Die Moritzburg in Halle (Saale) wurde damals in der Provinz Sachsen (seit 1947 Sachsen-Anhalt) als zentrales Depot für enteignetes Kunst- und Kulturgut genutzt. Etwa 130 Provenienzen sind nachweisbar. Zahlreiche Räume von Schloss Wernigerode dienten als Außenlager. 1994 umfasste der museale Gesamtbestand dieses Schlosses etwa 30.000 Stücke, darunter Gemälde und Grafiken, Möbel, Textilien, Waffen, Porzellane, Fayencen und wertvolle Silber- sowie Glasstücke, außerdem unterschiedlichste Archivalien, wie nachgelassenes Schriftgut, historische Dokumente, Karten, Pläne und Fotografien. Etwa die Hälfte dieser seit 1995 landeseigenen und von der Kulturstiftung verwalteten Sammlungen stammte aus 80 Enteignungsmaßnahmen der Bodenreform. Enteignetes Kunst- und Kulturgut gelangte auch in die zur Stiftung gehörenden Museen der Burg Falkenstein und des Schlosses Neuenburg.

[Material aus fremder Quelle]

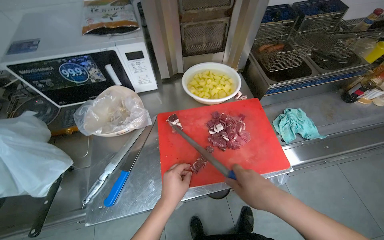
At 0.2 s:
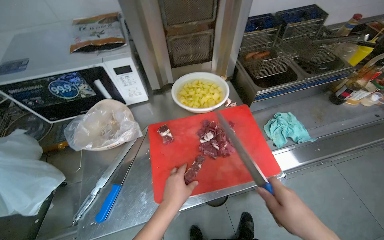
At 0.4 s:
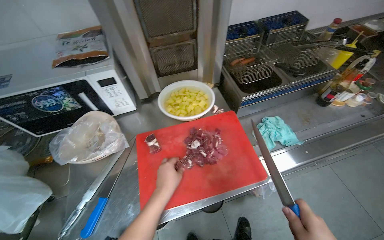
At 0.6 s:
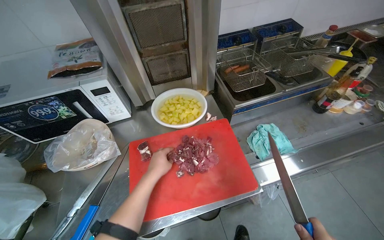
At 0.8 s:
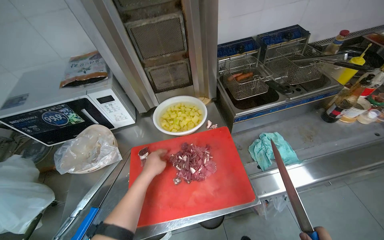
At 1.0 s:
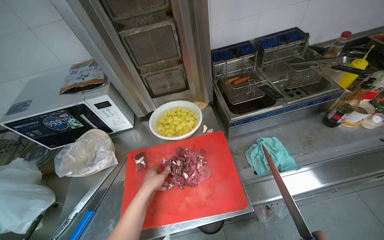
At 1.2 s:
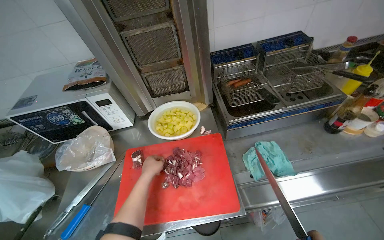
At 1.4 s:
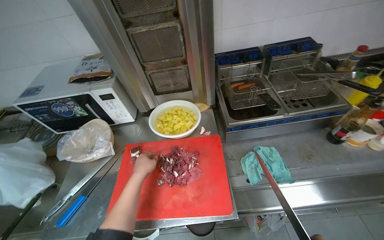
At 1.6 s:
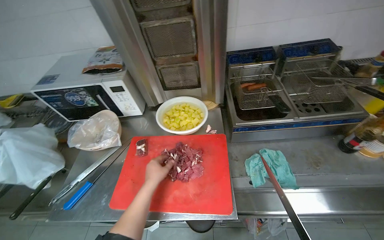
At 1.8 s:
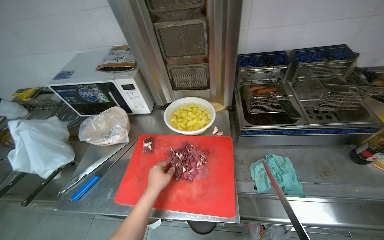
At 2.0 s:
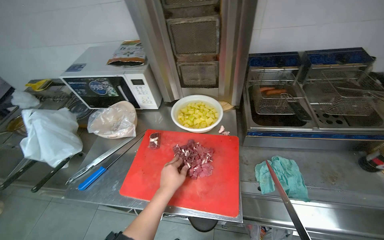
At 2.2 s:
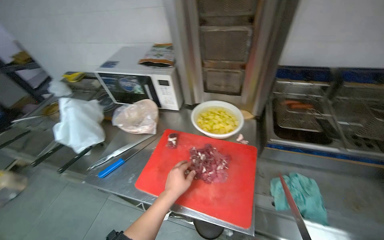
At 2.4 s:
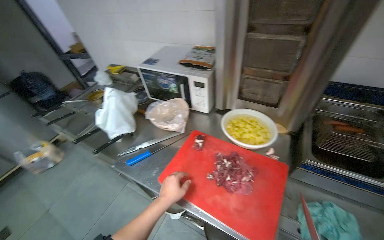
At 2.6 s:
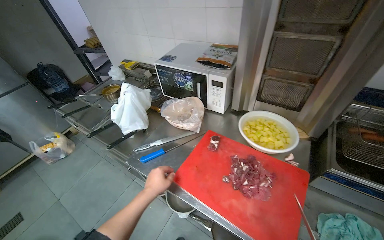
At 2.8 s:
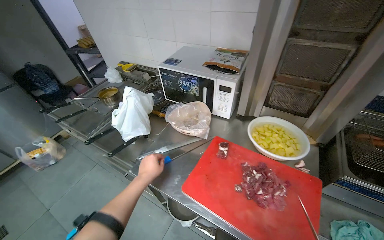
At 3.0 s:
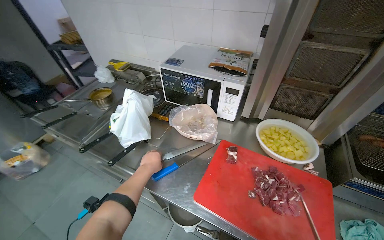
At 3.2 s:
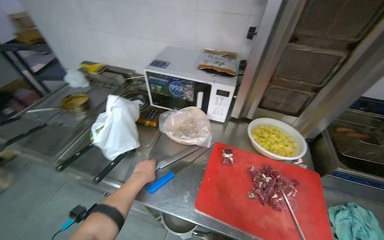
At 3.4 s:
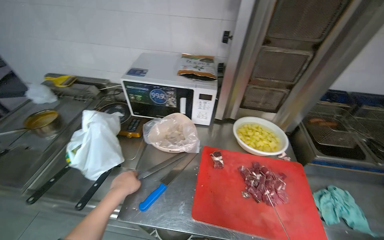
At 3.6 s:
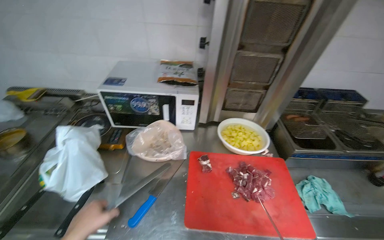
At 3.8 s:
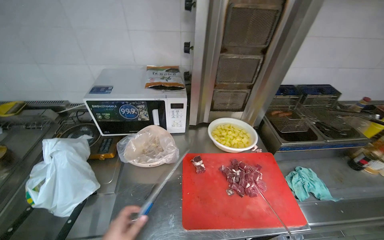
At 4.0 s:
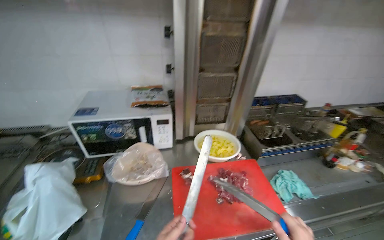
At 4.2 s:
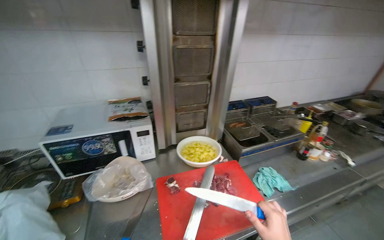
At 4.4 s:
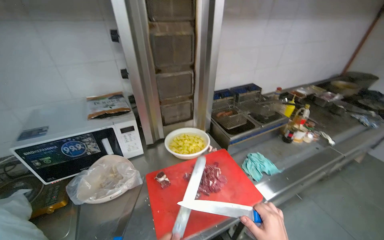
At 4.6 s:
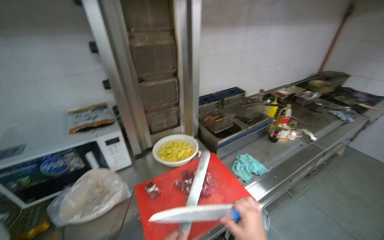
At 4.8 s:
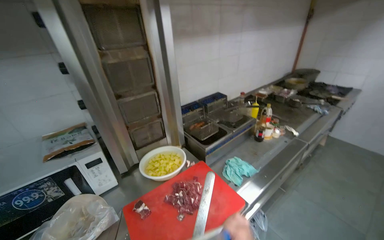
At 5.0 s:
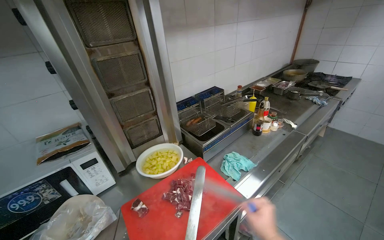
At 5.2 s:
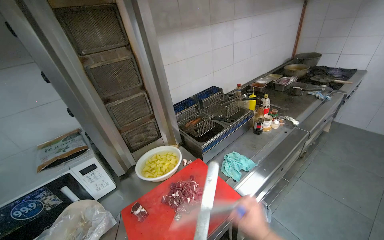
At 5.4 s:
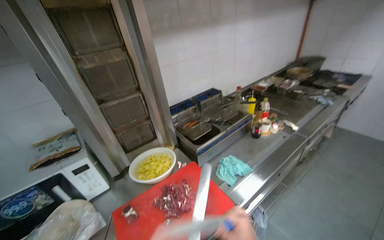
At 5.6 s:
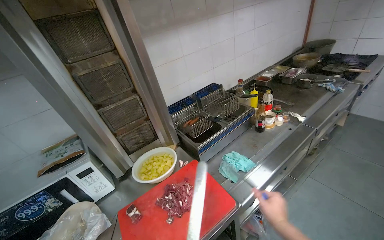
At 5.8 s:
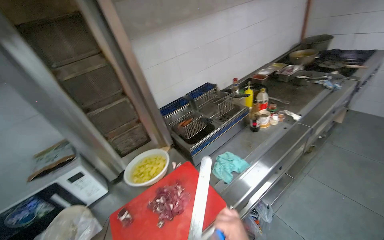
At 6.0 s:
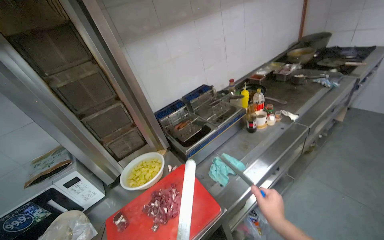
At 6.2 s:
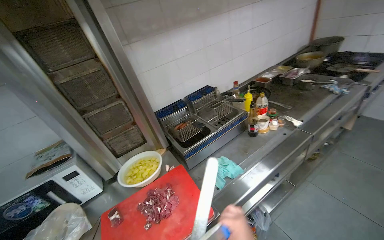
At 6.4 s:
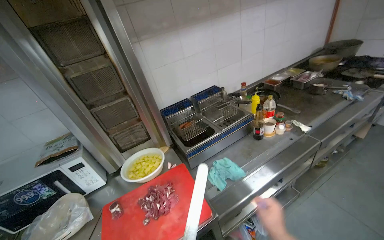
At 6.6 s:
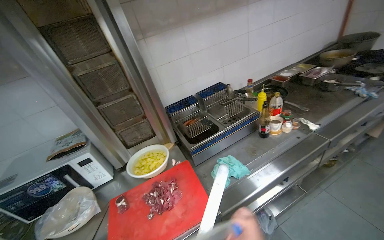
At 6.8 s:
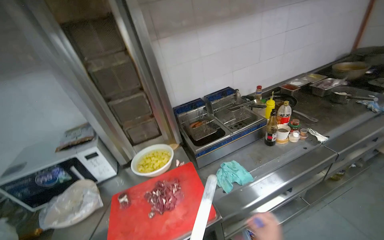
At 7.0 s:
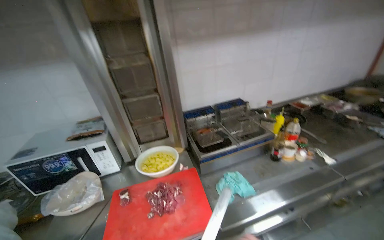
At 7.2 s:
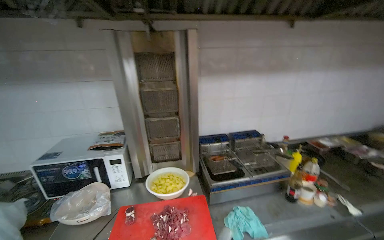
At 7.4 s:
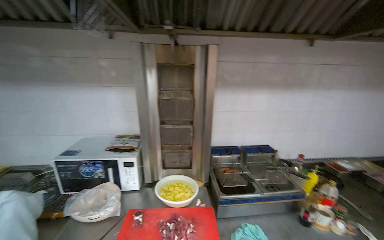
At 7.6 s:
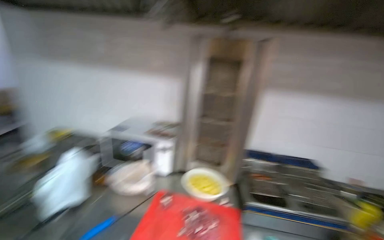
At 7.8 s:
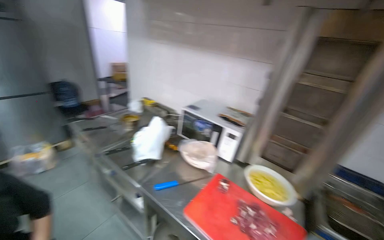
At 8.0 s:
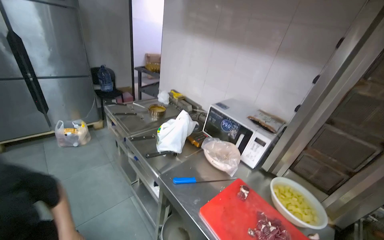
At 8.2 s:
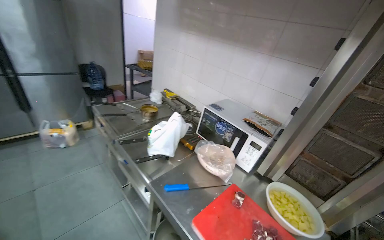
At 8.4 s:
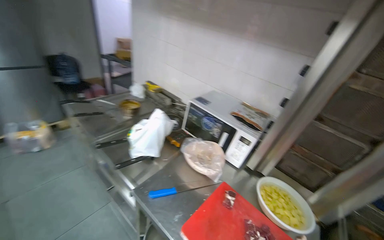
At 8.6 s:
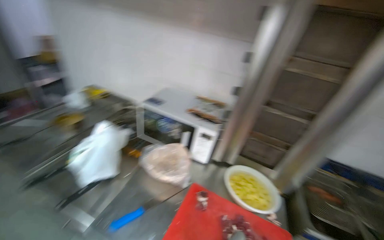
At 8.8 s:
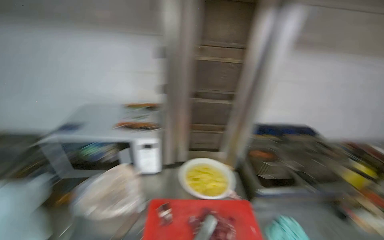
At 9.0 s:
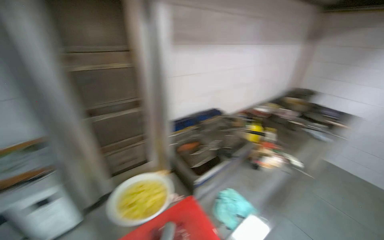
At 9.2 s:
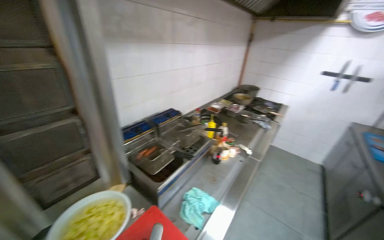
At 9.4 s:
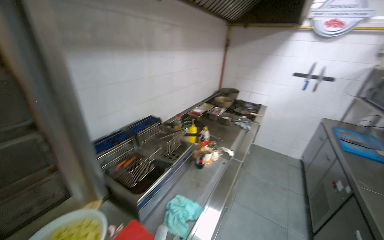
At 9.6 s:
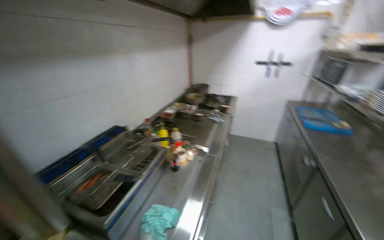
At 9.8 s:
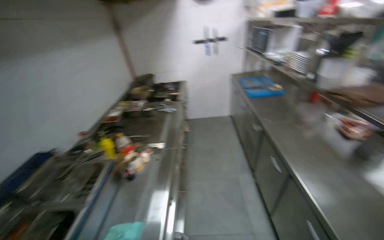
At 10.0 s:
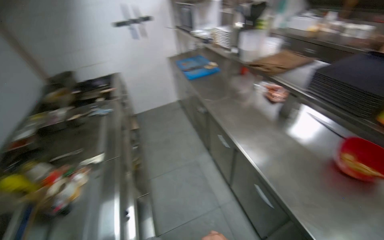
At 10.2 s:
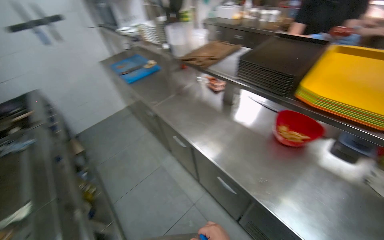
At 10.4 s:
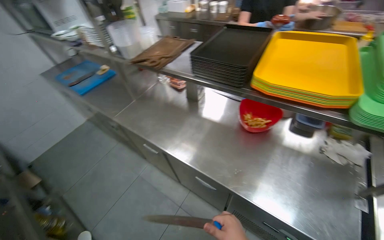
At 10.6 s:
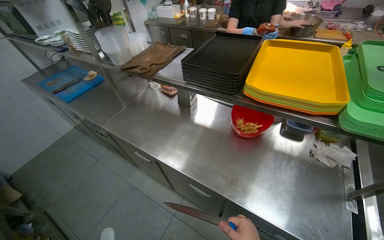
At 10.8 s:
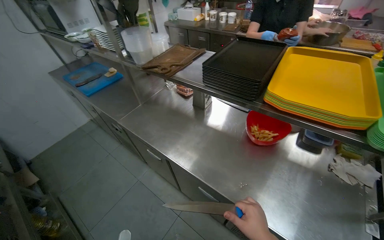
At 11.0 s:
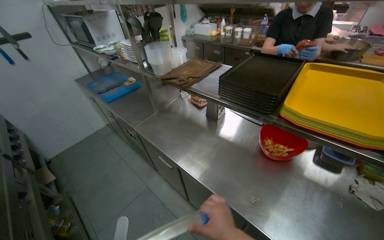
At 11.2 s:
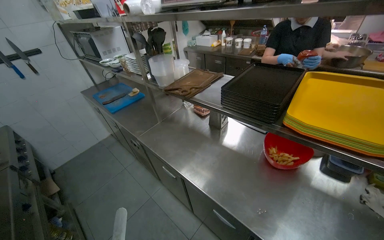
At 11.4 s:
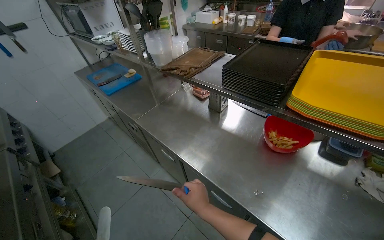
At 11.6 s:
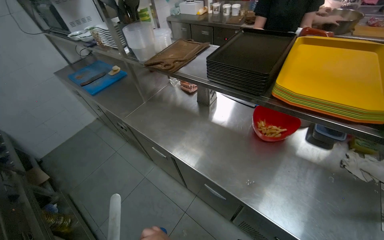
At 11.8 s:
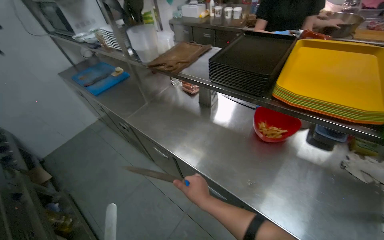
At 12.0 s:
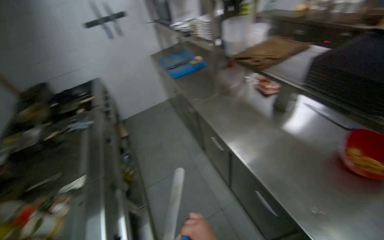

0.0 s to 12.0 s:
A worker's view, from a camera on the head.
Job: preparing food.
The whole recording: Cutting meat on chopping board. The worker continues cutting pieces of meat on a red chopping board with a knife.
1.6 to 3.0 s: The wearer looks some 25 degrees further to the left.
3.0 to 4.4 s: The head turns to the right by some 50 degrees.
6.0 to 7.6 s: The wearer looks approximately 45 degrees further to the left. The view tips upward by roughly 15 degrees.
7.6 to 9.0 s: The wearer looks roughly 45 degrees further to the right. The view tips downward by about 15 degrees.
9.0 to 10.4 s: The head travels some 70 cm. The head rotates approximately 110 degrees to the right. The wearer looks approximately 15 degrees further downward.
10.4 to 12.0 s: The head rotates some 30 degrees to the left.

Die Landesämter zur Regelung offener Vermögensfragen Sachsen-Anhalts, Thüringens und Sachsens haben seit 1996 bei der Kulturstiftung etwa 280 Anfragen nach dem Verbleib solcher Kunst- und Kulturgüter gestellt. Bis September 2018 konnten in den Sammlungsbeständen der Moritzburg, des Schlosses Wernigerode, der Burg Falkenstein und der Neuenburg rund 27.000 Stücke eindeutig als enteignetes Kunstgut identifiziert, ihren ehemaligen Eigentümern zugeordnet und vermögensrechtlich restituiert werden. Außerdem wurden allein aus den Wernigeröder Schlossdepots 920 Kunstgutobjekte auf der Grundlage des Vermögensgesetzes zurückgegeben. Seit dem Jahr 2000 gelang es aber auch, zahlreiche restitutionsbehaftete Museumsstücke, darunter vor allem mehrere wertvolle Gemälde, im Rahmen einvernehmlicher Regelungen für das Landeskunstmuseum Sachen-Anhalt in der Moritzburg, das Jagdschloss Letzlingen und für das Schloss Neuenburg mit einem Gesamtwert von über 240.000 Euro zu erwerben.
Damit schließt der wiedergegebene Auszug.